--- Exercise material ---

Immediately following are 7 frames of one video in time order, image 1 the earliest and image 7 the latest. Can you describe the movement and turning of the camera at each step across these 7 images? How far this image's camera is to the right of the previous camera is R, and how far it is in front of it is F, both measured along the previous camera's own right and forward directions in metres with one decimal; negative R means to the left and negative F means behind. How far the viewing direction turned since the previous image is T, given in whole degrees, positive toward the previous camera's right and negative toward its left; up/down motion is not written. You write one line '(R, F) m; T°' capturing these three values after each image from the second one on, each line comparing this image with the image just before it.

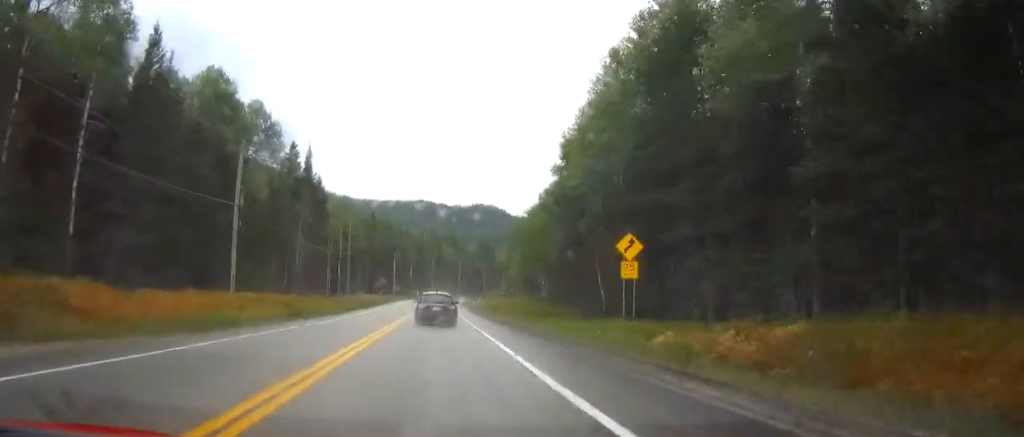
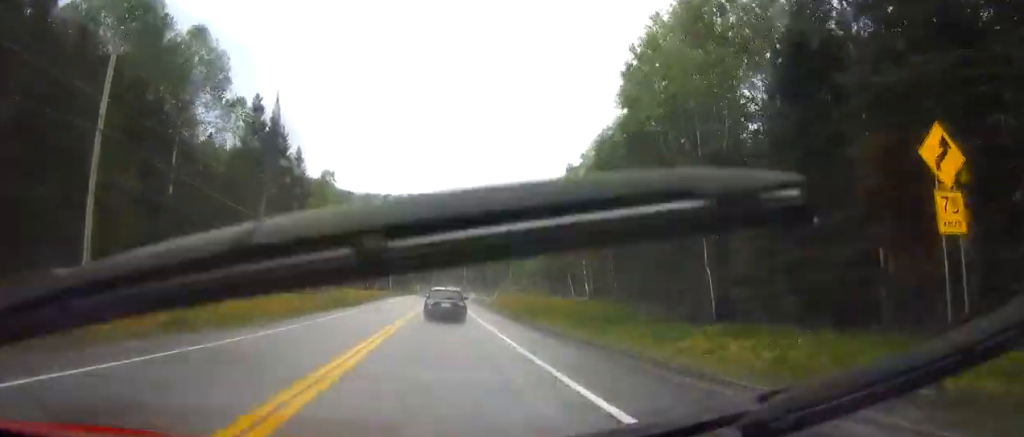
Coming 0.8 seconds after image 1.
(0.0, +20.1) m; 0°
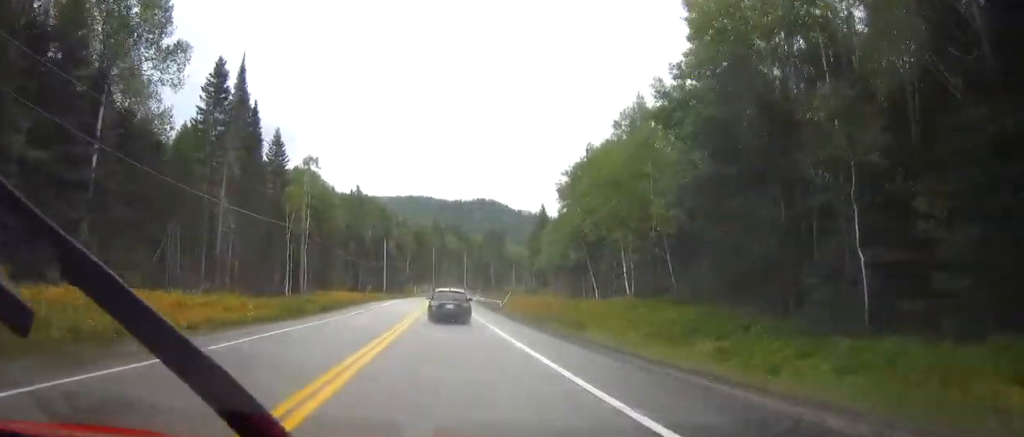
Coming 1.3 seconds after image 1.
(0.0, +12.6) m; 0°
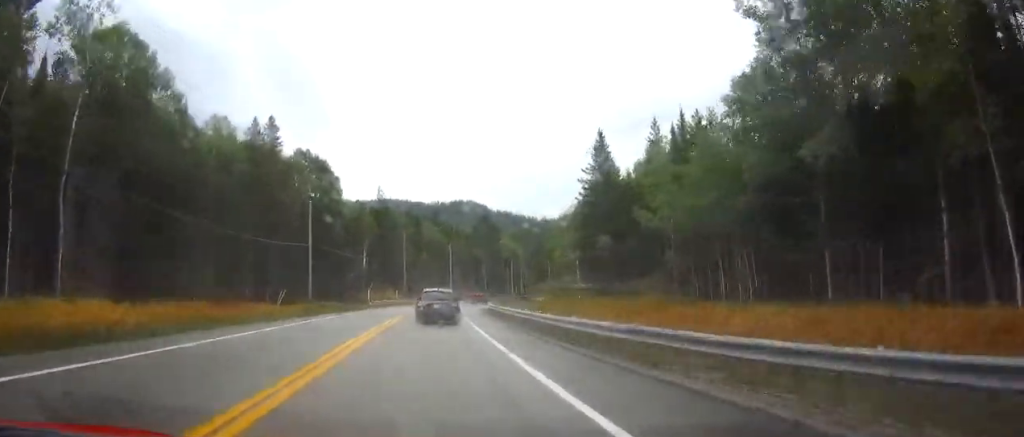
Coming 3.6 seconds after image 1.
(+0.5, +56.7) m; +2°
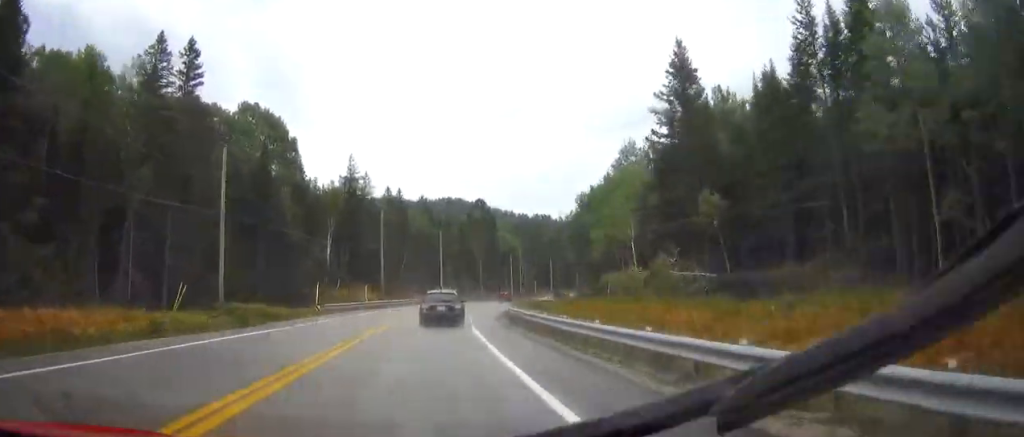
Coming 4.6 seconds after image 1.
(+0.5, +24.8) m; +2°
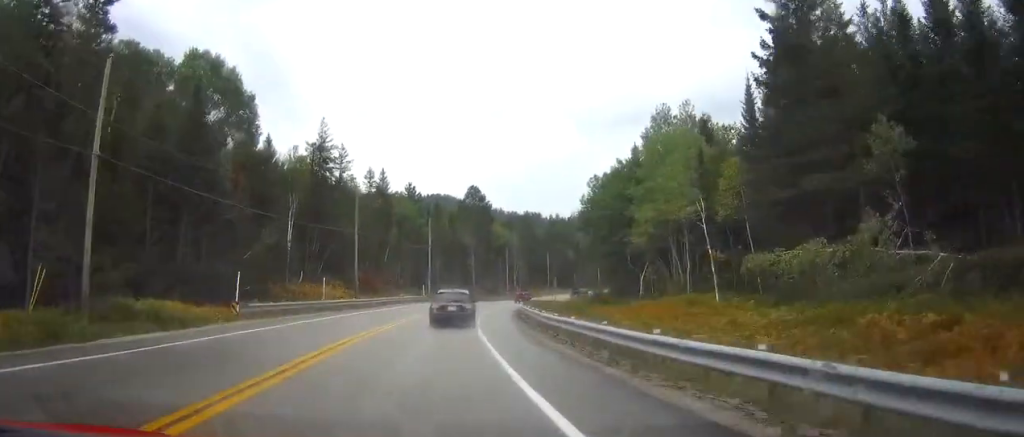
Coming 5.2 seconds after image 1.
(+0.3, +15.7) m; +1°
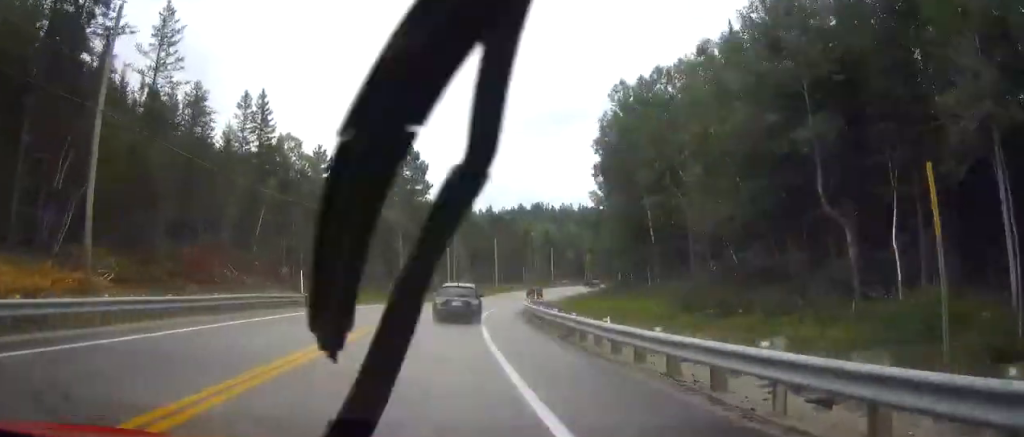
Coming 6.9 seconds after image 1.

---

• Brief: Output the records exactly, please. The pictures are not part of the copy.

• Answer box:
Immediately following are 7 frames of one video in time order, image 1 the earliest and image 7 the latest. Can you describe the movement and turning of the camera at each step across these 7 images? How far this image's camera is to the right of the previous camera is R, and how far it is in front of it is F, both measured along the previous camera's own right and forward directions in metres with one decimal; negative R means to the left and negative F means behind. How far the viewing direction turned since the previous image is T, given in whole degrees, positive toward the previous camera's right and negative toward its left; up/down motion is not written. You write one line '(R, F) m; T°' capturing these three values after each image from the second one on, each line comparing this image with the image just before it.

Coming 0.8 seconds after image 1.
(0.0, +20.1) m; 0°
Coming 1.3 seconds after image 1.
(0.0, +12.6) m; 0°
Coming 3.6 seconds after image 1.
(+0.5, +56.7) m; +2°
Coming 4.6 seconds after image 1.
(+0.5, +24.8) m; +2°
Coming 5.2 seconds after image 1.
(+0.3, +15.7) m; +1°
Coming 6.9 seconds after image 1.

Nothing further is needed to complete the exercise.